Home Twitter Just Passed MySpace in Number of Status Updates

Twitter Just Passed MySpace in Number of Status Updates

Twitter made news today for announcing that it now sees an average of 50 million status messages posted each day. A sharp growth curve indicates that activity on Twitter could grow much higher in the short term future. Good old MySpace says it can’t be counted out yet, though.

MySpace told me tonight that it still sees 1 billion status messages per month, divided by 30 days that’s about 33 million status messages per day. That means until just last Fall, MySpace was still bigger than Twitter. How easy is it to forget that? Twitter may be bigger now, but there are still millions upon millions of people using MySpace.

Above: Quantcast’s estimates of website traffic, not including Twitter application use.

I went onto MySpace tonight and found that 9 out of my 21 friends on the site had logged in within the last 30 days, many of them this week or today!

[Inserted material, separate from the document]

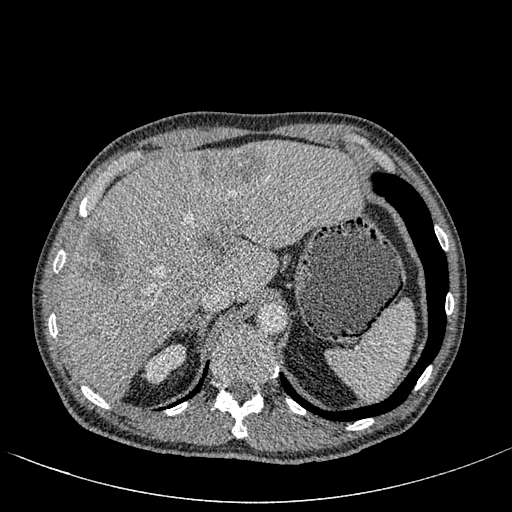
CT image
Focal liver lesion at box(200, 221, 240, 263); box(201, 148, 264, 186); box(170, 162, 177, 170); box(80, 229, 126, 286).
Kidney at box(144, 344, 185, 383).
Liver at box(58, 140, 363, 398).
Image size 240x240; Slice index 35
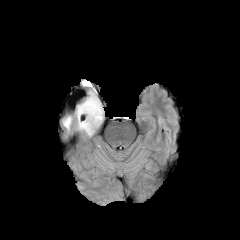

It’s hard to say how many of them were just checking in to see who else had checked in, or to look for status messages that weren’t there, but they checked in none the less and tens of millions of people do post status updates to MySpace on any given day. Google even added MySpace status messages to its real-time search this week.

I’ve got my MySpace account wired up with my Tweetdeck install now, so when my friends do post something I’ll be able to see it. And I can cross post things over to MySpace, too. But my resolution to use MySpace more may be short lived. I tried to go add more friends there and had a hard time finding people I knew. Or I found them, added them and then worried that they’d just think I was creepy for contacting them outside of Facebook. Maybe that’s all in my head though.

So two things to consider. The old King really is no more, MySpace is officially behind Twitter now. (Liz Gannes writes today that Twitter is fast approaching Facebook as well, while acknowledging that the term status message mean something different on Facebook.) But MySpace remains a thriving place for millions of people. Will it remain that way? Development hasn’t stopped, the trend doesn’t look good, but who can really say? The only thing that can be said for sure today is: MySpace isn’t dead yet.

Above: Kevin Marks skewers MySpace critics, including yours truly.